Galilea, un paio di millenni fa. Una bella mattina, Giona, vecchio pescatore ebreo, vede con una punta di stupore i suoi figli, Pietro e Andrea, mollare tutto per seguire un certo Gesù di Nazareth. Decide allora di fare tutto il possibile per ritrovare i figli e riportarli alla casa e alla vita di tutti i giorni. Presto sarà raggiunto da altri due padri altrettanto preoccupati di vedere i loro figli diventare seguaci di quello strambo Nazareno…

Vangelo David Ratte

Il Vangelo, un momento dopo

I tre padri (in)seguono i loro figli e il Nazareno in ogni tappa del viaggio verso Gerusalemme, ma ogni volta che sembrano sul punto di raggiungerli, per qualche accidente o incontro particolare, non riescono mai a farlo. Nella tradizione più tipica della narrativa picaresca, declinata in questo caso in balloon e vignette, il viaggio diventa un tempo narrativo continuamente dilatato.

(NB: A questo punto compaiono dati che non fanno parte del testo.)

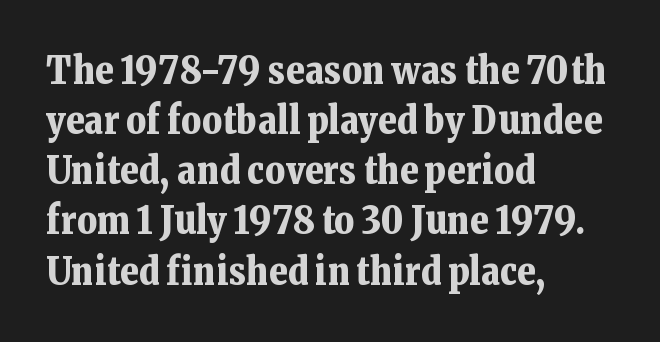
{"serif": "yes", "italic": "no", "bold": "yes", "weight": "bold", "width": "normal", "stroke_contrast": "low", "x_height": "medium", "monospaced": "no", "underline": "no", "align": "left", "line_spacing": "normal", "line_spacing_ratio": 1.32, "letter_spacing": "normal", "letter_spacing_em": 0.0, "glyph_px": 38}
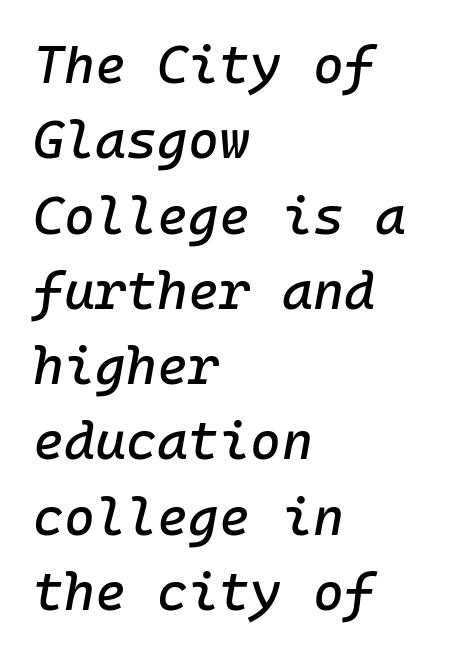
The lines in this sample share a left origin and differ only in where they stop. Observe the ordinary spacing: letters are neighbours, not strangers. This sample keeps an unexceptional amount of space between lines. The strip under each line holds only bare page. There's an unmistakable incline to the writing here.

La sintassi fumettistica di Ratte trasforma ogni tappa del pellegrinaggio geografico e morale dei Padri in una “virgola” o una “parentesi” drammaturgica che approfondisce psicologie, rovescia stereotipi, ribalta certezze.

Non assistiamo al racconto “in presa diretta” dell’esistenza di Gesù e delle sue azioni miracolose ma a un repertorio di testimonianze a posteriori degli eventi, rese da personaggi per lo più secondari, rispetto alla narrazione evangelica ufficiale.

Vangelo David Ratte

L’umorismo, lieve e al tempo stesso tagliente, del racconto deriva dalla diversa percezione del Mistero che ciascuno ha secondo vissuto: dall’esaltazione del miracolato al disinteresse del soldato romano, dalla commozione dei fedeli alla rabbia “politica” dei farisei.

Ogni volta che i Padri interrogano i diversi personaggi incontrati sul proprio cammino per avere notizie di Gesù e dei discepoli, le sequenze si traducono in soggettive dei protagonisti e in “sguardi in camera” dei testimoni.

Dicevo nel post precedente di come, Alessandro Bilotta abbia utilizzato spesso la soggettiva in Mercurio Loi per determinare uno scarto “disturbante” tra lo scorrere tradizionale degli eventi davanti al pubblico (in)visibile e quei momenti speciali in cui – “guardandoci in faccia” – i personaggi mettono nei fatti in discussione lo statuto finzionale del racconto.

Vangelo David Ratte

Ratte adopera lo stesso dispositivo ma con strategie ed esiti differenti. Da un lato, c’è un evidente richiamo al reportage/giornalismo grafico (stile Joe Sacco in Palestina per intenderci). Gli sguardi in camera non portano i personaggi fuori dal racconto, ma immergono ancor di più il pubblico dentro la cronaca dei fatti.

Dall’altro lato, è proprio l’alternarsi degli sguardi, dei punti di vista, a restituirci il senso di questo “Vangelo di seconda mano”, che permette ai protagonisti (e di conseguenza ai lettori) di constatare, da tante angolazioni diverse, gli effetti degli insegnamenti e delle azioni del Nazareno sul mondo.

Il Vangelo nello sguardo

E in un fumetto come questo in cui, certo, le parole hanno un peso determinante, colpisce come Ratte riesca al tempo stesso a ritagliare delle vignette mute, o comunque verbalmente parsimoniose, in cui l’afflato passa per un semplice gesto, o nel volgere di uno sguardo. Lo (stra)ordinario della vicenda ci arriva sempre filtrato dall’ordinario delle diverse figure, perfino quando la loro piccola storia personale incontra la grande Storia collettiva.

Vangelo David Ratte

Esemplare il caso del “Discorso della Montagna”, laddove uno dei Padri protagonisti della storia può finalmente ascoltare lui stesso la predicazione di Gesù. Ratte ci regala una straordinaria sequenza silenziosa in campo lungo. Non sentiamo cosa dice il Nazareno, da lettori siamo chiamati a colmare l’assenza di suono con la nostra competenza culturale, oppure ad affidarci alla muta lettura degli astanti dentro l’immagine.

Così, una storia vecchia di Duemila anni torna a interrogarci in un delicato racconto a fumetti come se fosse accaduta due giorni fa, o forse due ore fa. Come se il giardino dei Getsemani fosse qui, fuori dalla nostra finestra, separato soltanto dal bordo bianco che ci separa da un’altra vignetta.